I’m new to restic, and I just set it up and created first backups. I had been saving my manual backups (encrypted tarballs) to Proton Drive. So when I setup restic, I created my local repository in the Proton-synced folder on my MacBook.
I’m guessing the danger of this is that Proton Drive sync can be a bit erratic, and I get no feedback when running restic as to whether the sync completed. I have to manually watch the Proton Drive app and see that it synced the changed files.
I do have an AWS account, so maybe I should move to S3 instead. I need to read about the restic encryption. I don’t know if it’s as safe on S3 as on Proton Drive.
You are correct - by putting your repository in a folder that Proton Drive synchronizes, you are adding additional components into the mix and the setup is more complicated and with higher chances of things going wrong.
You could indeed use S3 instead (any S3 compatible service), or if you really want to use Proton Drive you can try to use it via rclone – you use the rclone backend in restic, and configure rclone to use Proton Drive behind the scenes.
Generally, simpler and less complicated is better
To answer your question, S3 is perfectly fine to use with restic, it’s one of the oldest backends in restic and heavily used by a lot of users. Not only for Amazon S3 but also for S3-compatible services, e.g. Backblaze.
The encryption section of the docs doesn’t mention much. Is it hard-core encryption, or can I pick the algorithm?

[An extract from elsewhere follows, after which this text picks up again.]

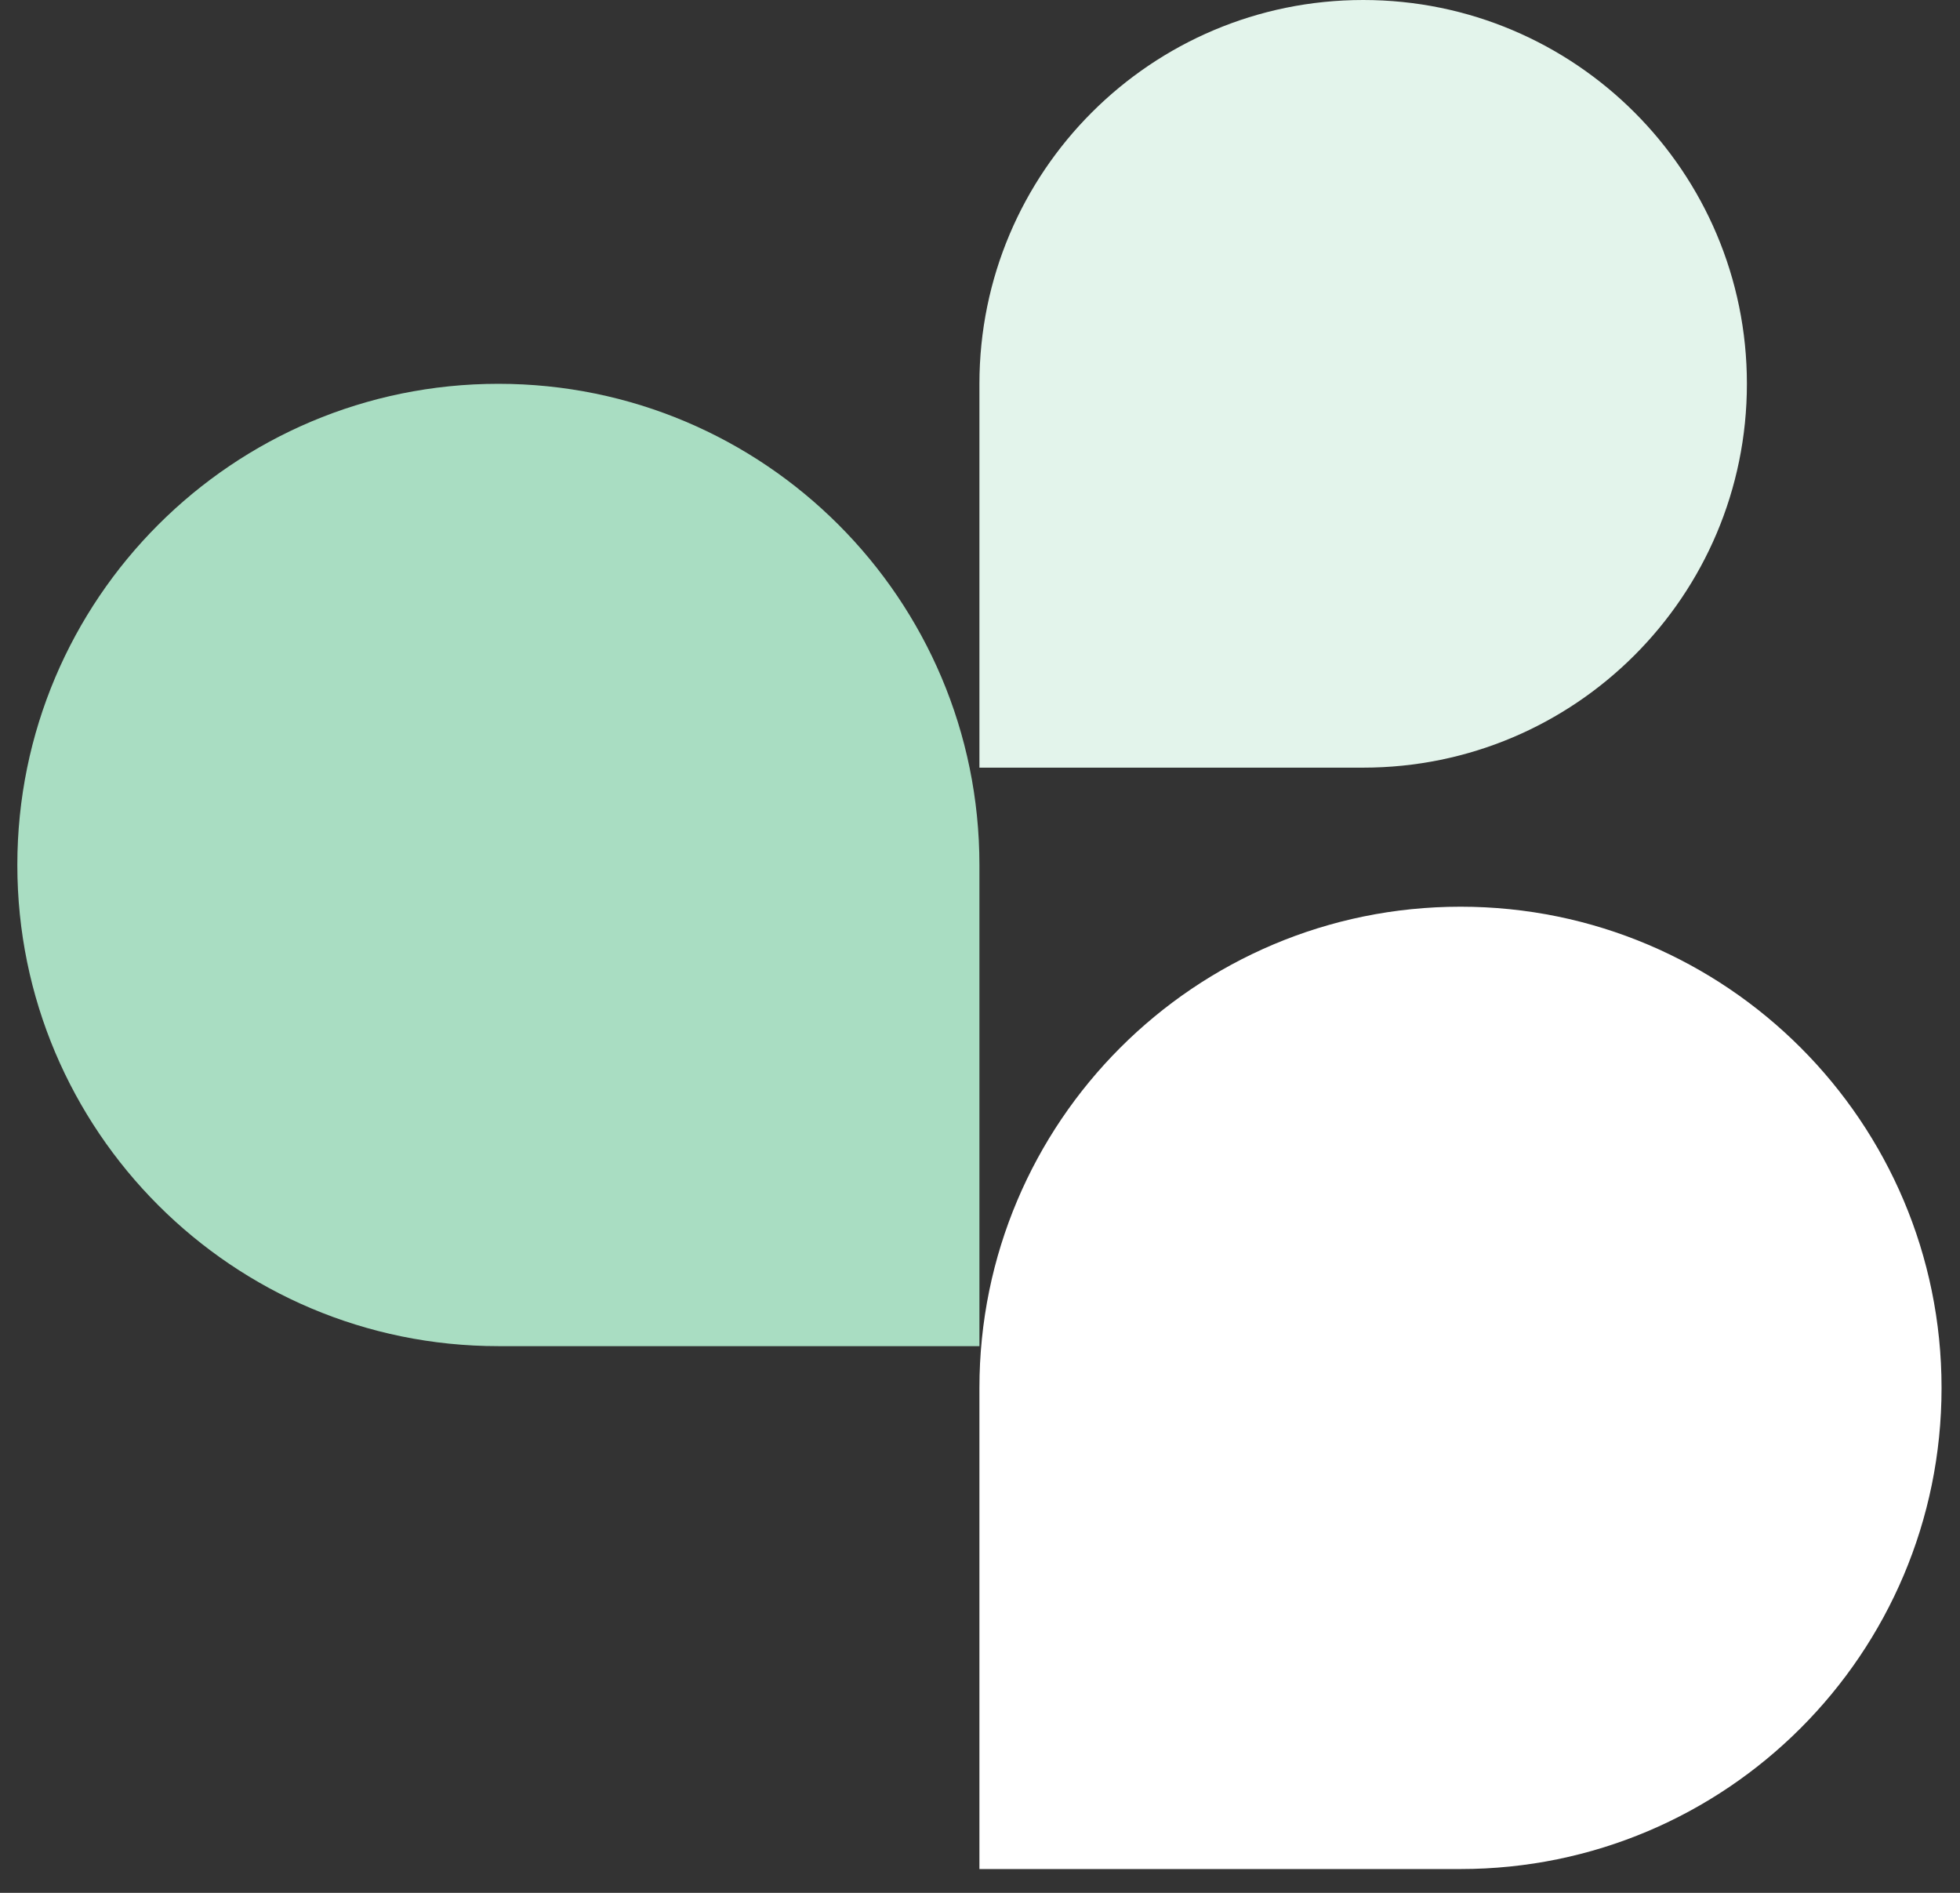 <?xml version="1.0" encoding="UTF-8"?> <svg xmlns="http://www.w3.org/2000/svg" width="58" height="56" viewBox="0 0 58 56" fill="none"><rect x="0" y="0" width="58" height="56" fill="#333333" stroke="none"/><g id="Group 28"><path id="Rectangle 15" d="M28.983 41.061C28.983 33.199 35.357 26.825 43.219 26.825C51.081 26.825 57.454 33.199 57.454 41.061C57.454 48.923 51.081 55.296 43.219 55.296H28.983V41.061Z" fill="white"></path><path id="Rectangle 16" d="M28.983 11.355C28.983 5.084 34.067 0 40.339 0C46.61 0 51.694 5.084 51.694 11.355C51.694 17.627 46.61 22.711 40.339 22.711H28.983V11.355Z" fill="#E3F4EB"></path><path id="Rectangle 17" d="M28.983 25.591C28.983 17.729 22.61 11.355 14.748 11.355C6.886 11.355 0.513 17.729 0.513 25.591C0.513 33.453 6.886 39.826 14.748 39.826H28.983V25.591Z" fill="#A9DDC2"></path></g></svg> 
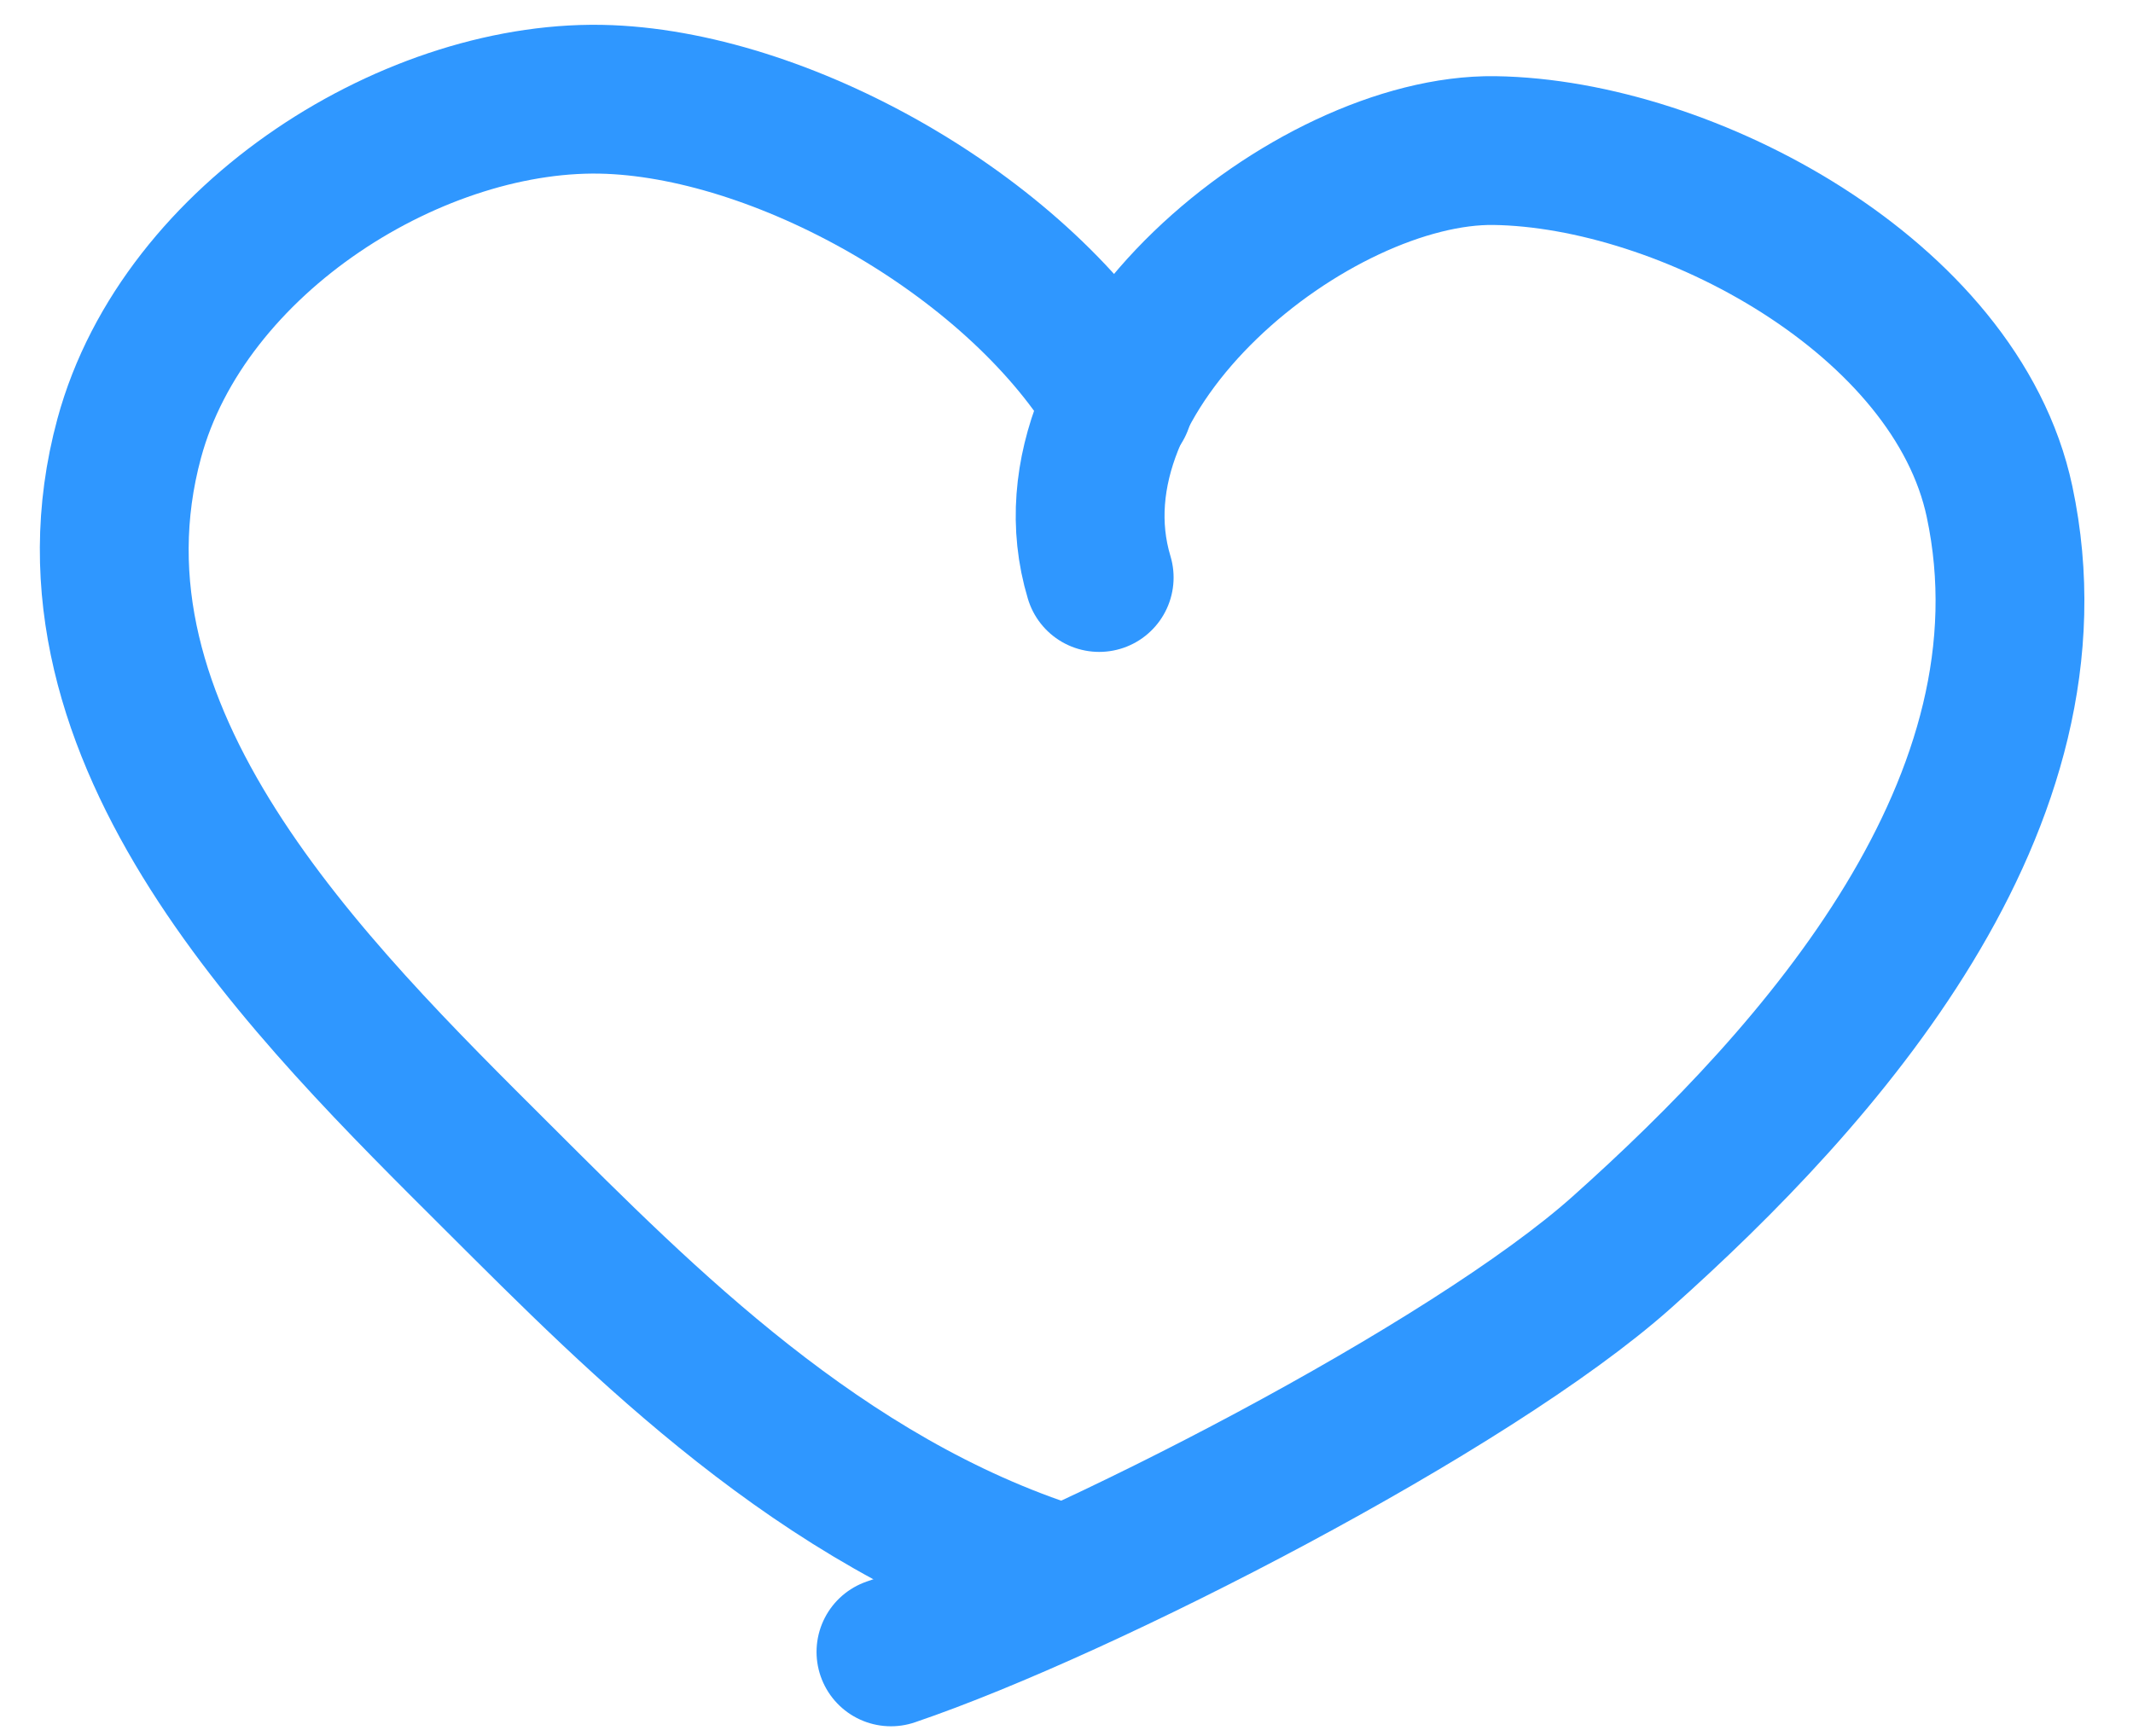 <?xml version="1.0" encoding="UTF-8"?> <svg xmlns="http://www.w3.org/2000/svg" width="43" height="35" viewBox="0 0 43 35" fill="none"> <path d="M22.546 8.141C20.612 4.848 15.93 2.157 12.283 2.006C8.419 1.846 3.706 4.773 2.605 8.837C0.981 14.83 6.262 19.978 10.051 23.756C12.944 26.641 16.539 30.292 21.345 31.823" stroke="#2F97FF" stroke-width="3" stroke-linecap="round"></path> <path d="M22.159 11.644C20.895 7.446 26.479 2.985 30.128 3.036C33.996 3.091 39.432 5.993 40.309 10.111C41.603 16.185 36.687 21.685 32.697 25.247C29.65 27.967 21.854 31.983 17.961 33.306" stroke="#2F97FF" stroke-width="3" stroke-linecap="round"></path> </svg>

I’m backing up code and I want the intellectual property to be protected with the best encryption.
There is no such thing as “best” - it all comes down to needs and requirements, and in the context of security things like threat models.
A more relevant question is perhaps; do you have any very specific needs? If not, then the encryption in restic is arguably just as good for you as it is for everyone else trusting their precious data with restic
If you want to read about how restic implements encryption, which is indeed a good idea, then that is much more expained in the design reference which you can find here: References — restic 0.18.1 documentation (in particular this part).
To answer your specific question, no, you cannot select the encryption method, it is hard-coded into restic. The article by Filippo Valsorda that is linked to in the text that you linked to is a bit old, but still a nice read if you are interested.